If the Assumption of the Virgin in the cupola of Parma cathedral looks at first glance more like a work of the seventeenth century than of the sixteenth, this is because it reveals either thirty years “too late” or one hundred years “too soon” certain preoccupations of fifteenth-century art, a fascination with the evocative power of painting, which may even intrude upon the space of the spectator. Would not the “realists” of the previous century have been enchanted by the way he represents the saints on the pendentives as if they were actually soaring on clouds inside the cathedral?

With Raphael one can sense that perspective is no longer a dominant concern, and that he is more interested in striking a balance between “illusion,” which was made easy for him by his complete technical mastery, and the integrity of the work of art as a decorative surface. But the mature Correggio’s technical mastery was in no way inferior to that of the great painters of Rome. His interest in the old problem of illusion cannot have come from a lack of skill.

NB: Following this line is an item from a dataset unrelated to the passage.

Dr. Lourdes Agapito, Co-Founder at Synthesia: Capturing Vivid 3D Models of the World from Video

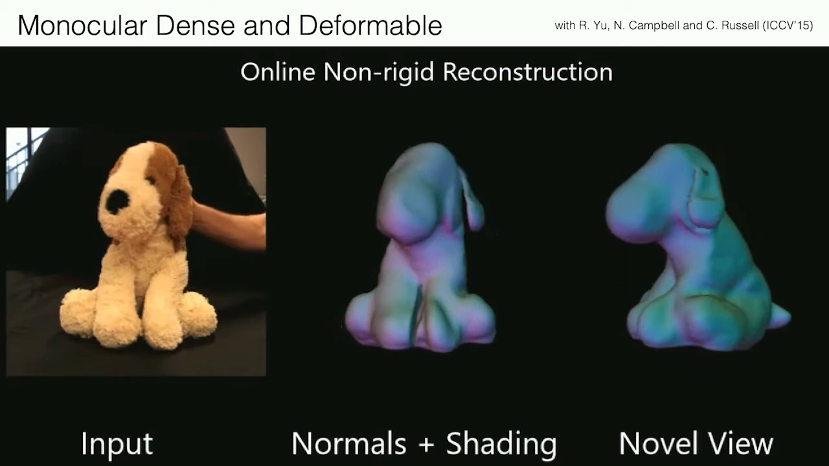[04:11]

Naturally his skill did not come all at once, and his development is all the easier to trace in that he took some time to find his way, unlike Michelangelo for instance, whose manner may have changed but who is remarkable from the outset for his powerful personality and impressive command of technique.2 In certain of Correggio’s works one feels a disproportion between an immense artistic ambition and a developing but still incomplete technique. Vasari’s image of Correggio as a Saturnian “melancholic” character, eternally dissatisfied and forever imposing on himself new and more difficult tasks, is perhaps not wide of the mark.

  1. 1

    Gould is to a large extent concerned with problems of attribution, and his catalogue raisonné of Correggio’s painting will surely be considered the most valuable part of his book. The Dresden Magdalen, however, is the only major mature work where Gould disagrees with most modern scholars. It is characteristic that this reattribution rests on the history of the picture rather than on its examination. It is in the field of provenance that Gould is most original. He also has new proposals for the chronology of the mature works, but they cannot always be accepted. He has already been rightly challenged in his attempt to date the apse of San Giovanni before the cupola. Gould, for another example, believes that the Louvre Marriage of St. Catherine “can be reliably dated between about six months and a year after [the Giorno in Parma], for the simple reason that the Christ child in both is clearly a particular infant, clearly the same in both, and clearly that much older in the St. Catherine.” It may not seem quite so simple and clear to other scholars, who will point out that these children are highly idealized types. The dating may be correct, but the argument is unsound, and one must envisage a much larger leeway than Gould would allow.

  2. 2

    This does not mean that there is complete agreement about his development. Gould here has his own view, as does each Correggio scholar, while most agree on the corpus of mature works. Gould rejects, for example, the attribution to Correggio of the frescoes in Mantegna’s funeral chapel in Mantua, thus playing down the Mantegnesque element in his work.